Task details: The entries that follow need to be reproduced exactly, minus any images.

[Dataset excerpts]
%%

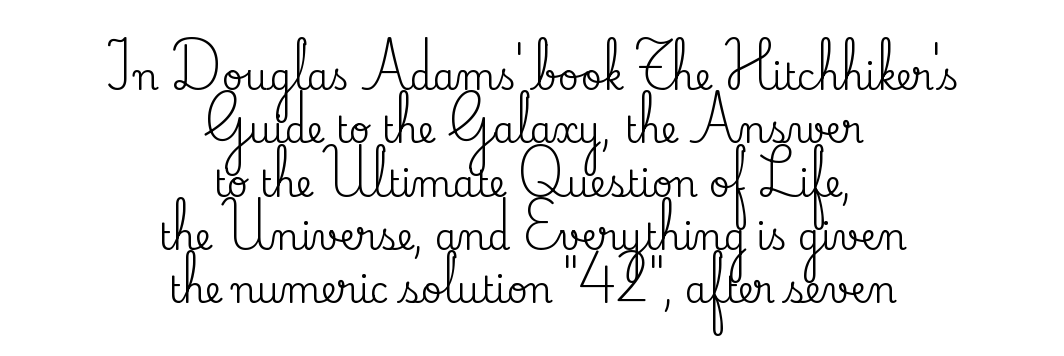
The image shows 36 px serif type, upright; set centered, normal line spacing (1.48x), normal letter spacing, not underlined; medium stroke contrast and a small x-height.
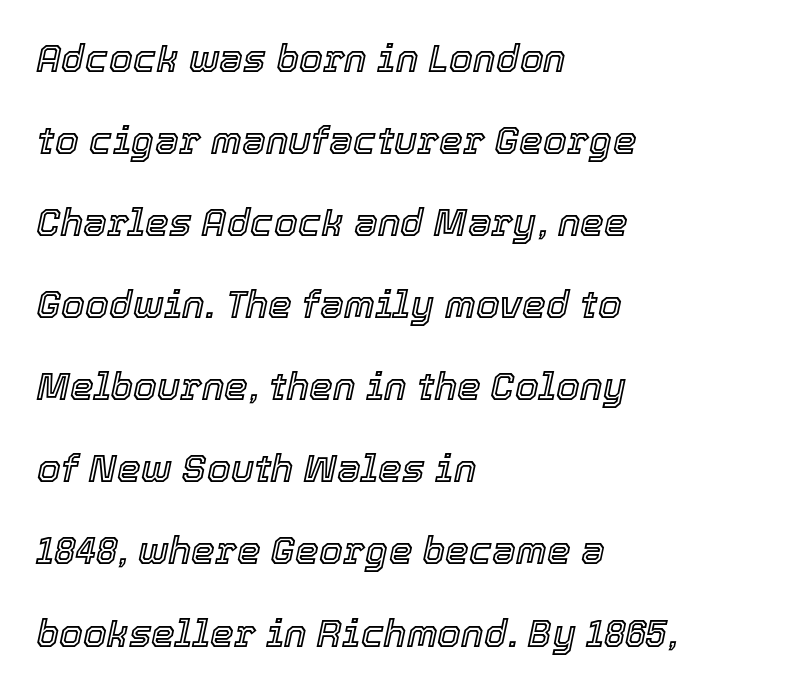
Q: Is the text italic (slanted)? A: Yes, it leans right by about 12 degrees.
Q: Is the text underlined? A: No.
Q: How is the paragraph aligned? A: Left-aligned.
Q: Is the spacing between letters normal or unusually wide? A: Normal.
Q: Is the spacing between lines tight, normal or loose? A: Loose.
Q: Width (condensed, normal, or wide)? A: Normal.
Q: x-height? A: Medium.
Q: Monospaced? A: No.

%%

Reply:
The image shows 36 px serif type, upright; set centered, normal line spacing (1.48x), normal letter spacing, not underlined; medium stroke contrast and a small x-height.
Q: Is the text italic (slanted)? A: Yes, it leans right by about 12 degrees.
Q: Is the text underlined? A: No.
Q: How is the paragraph aligned? A: Left-aligned.
Q: Is the spacing between letters normal or unusually wide? A: Normal.
Q: Is the spacing between lines tight, normal or loose? A: Loose.
Q: Width (condensed, normal, or wide)? A: Normal.
Q: x-height? A: Medium.
Q: Monospaced? A: No.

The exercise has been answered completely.